Retype the whole listing exactly. Leave out pictures.

== Segment start ==

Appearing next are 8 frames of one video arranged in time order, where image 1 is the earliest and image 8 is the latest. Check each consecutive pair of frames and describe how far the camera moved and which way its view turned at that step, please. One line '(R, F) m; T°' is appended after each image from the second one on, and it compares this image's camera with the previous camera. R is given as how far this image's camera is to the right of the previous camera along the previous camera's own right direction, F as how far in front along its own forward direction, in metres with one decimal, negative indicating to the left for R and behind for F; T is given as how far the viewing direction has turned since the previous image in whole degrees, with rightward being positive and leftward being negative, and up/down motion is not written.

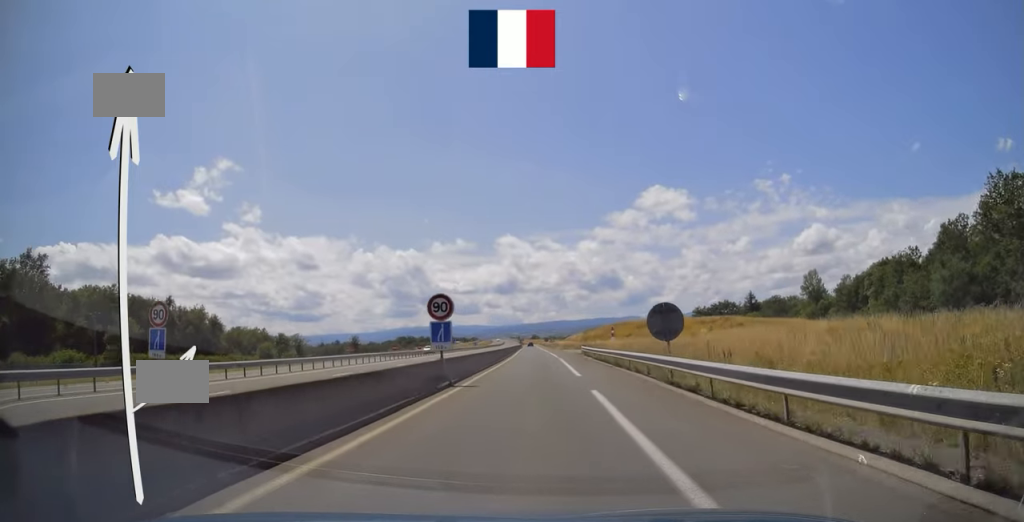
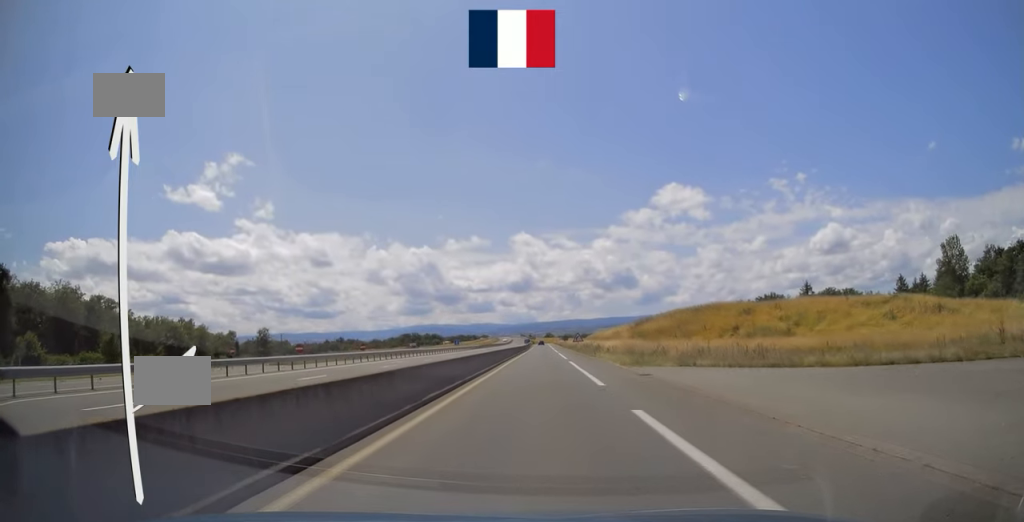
(-1.4, +57.5) m; -2°
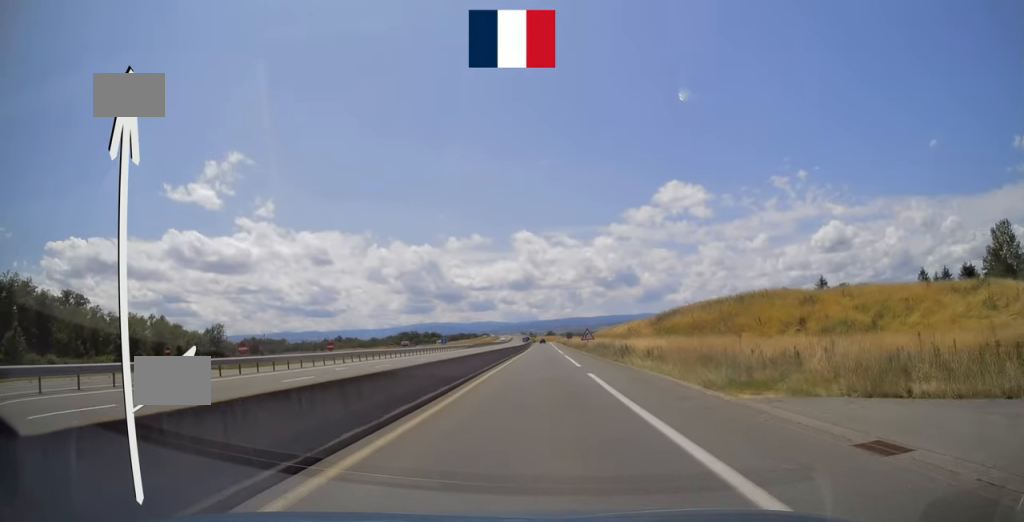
(+0.2, +15.0) m; 0°
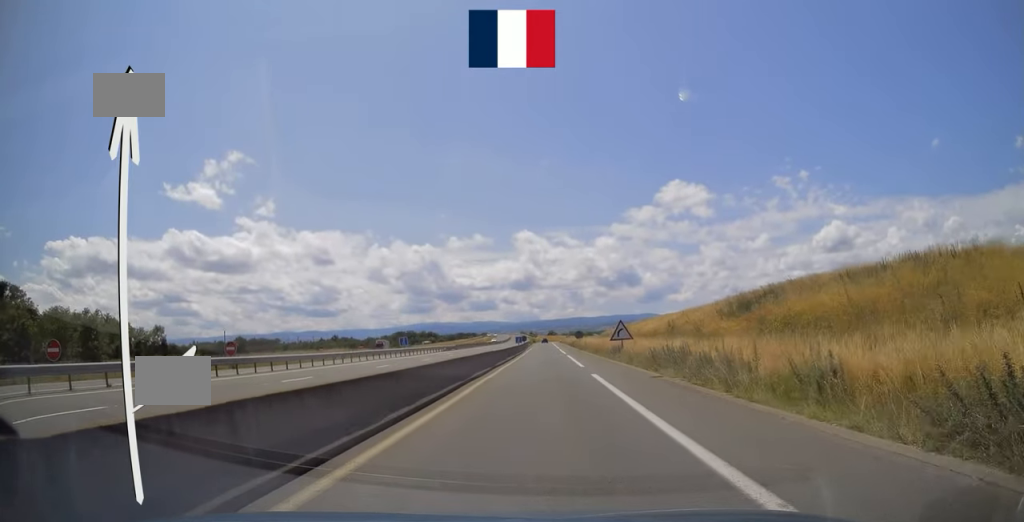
(-0.3, +27.0) m; -1°
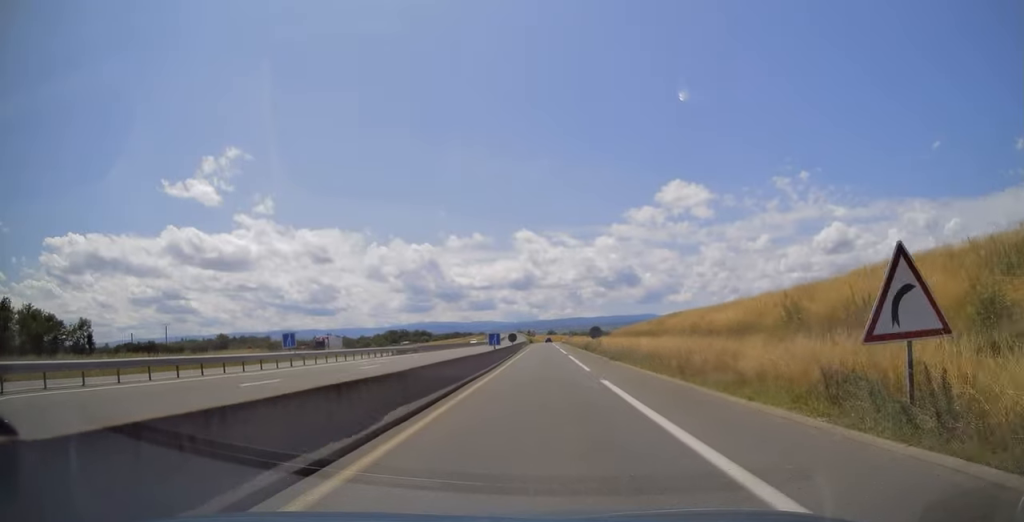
(-0.2, +29.7) m; 0°
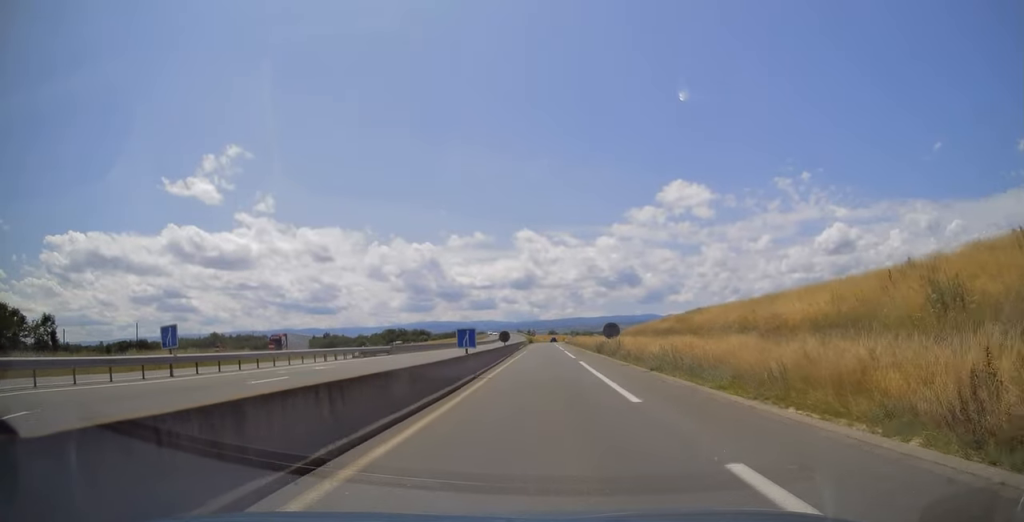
(0.0, +12.7) m; 0°
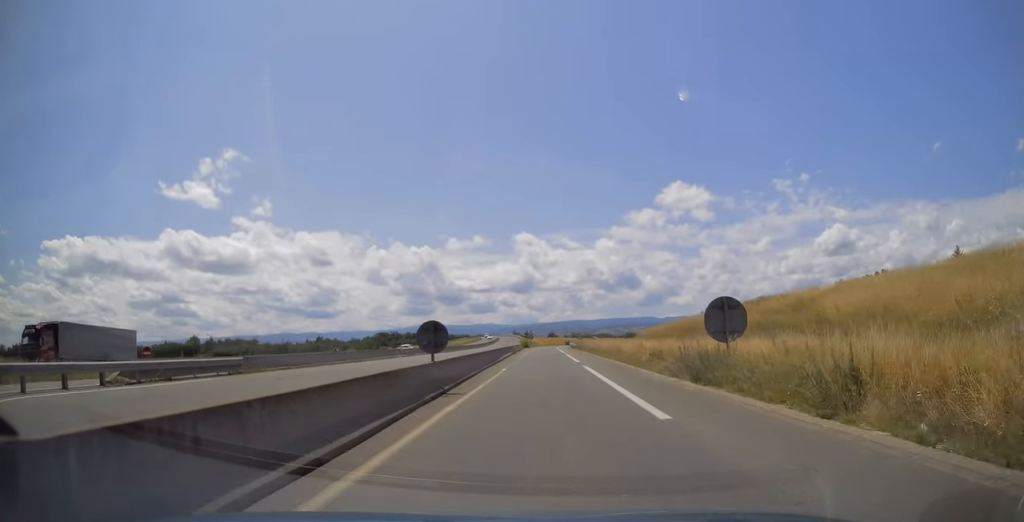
(0.0, +28.9) m; 0°
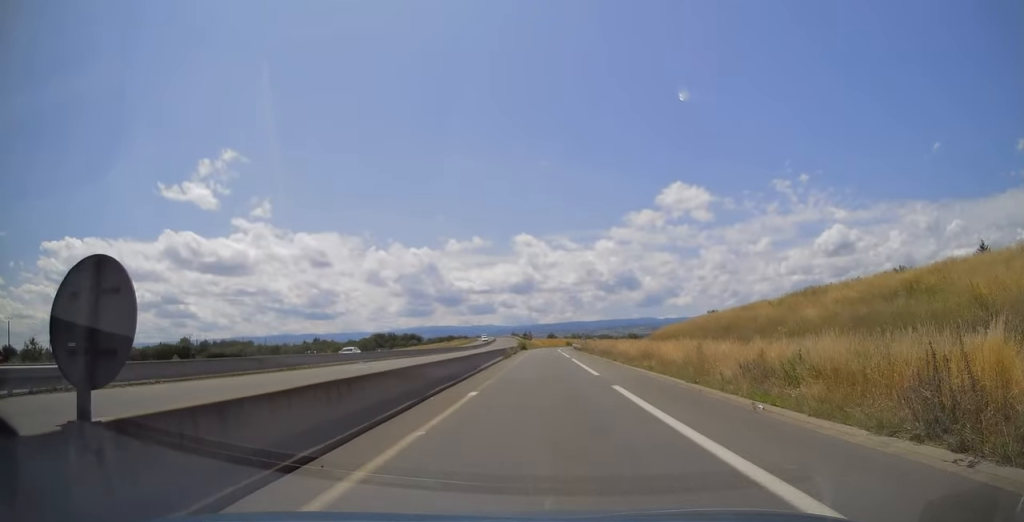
(-0.3, +12.9) m; 0°

== Segment end ==

> Task solution:
Appearing next are 8 frames of one video arranged in time order, where image 1 is the earliest and image 8 is the latest. Check each consecutive pair of frames and describe how far the camera moved and which way its view turned at that step, please. One line '(R, F) m; T°' is appended after each image from the second one on, and it compares this image's camera with the previous camera. R is given as how far this image's camera is to the right of the previous camera along the previous camera's own right direction, F as how far in front along its own forward direction, in metres with one decimal, negative indicating to the left for R and behind for F; T is given as how far the viewing direction has turned since the previous image in whole degrees, with rightward being positive and leftward being negative, and up/down motion is not written.

(-1.4, +57.5) m; -2°
(+0.2, +15.0) m; 0°
(-0.3, +27.0) m; -1°
(-0.2, +29.7) m; 0°
(0.0, +12.7) m; 0°
(0.0, +28.9) m; 0°
(-0.3, +12.9) m; 0°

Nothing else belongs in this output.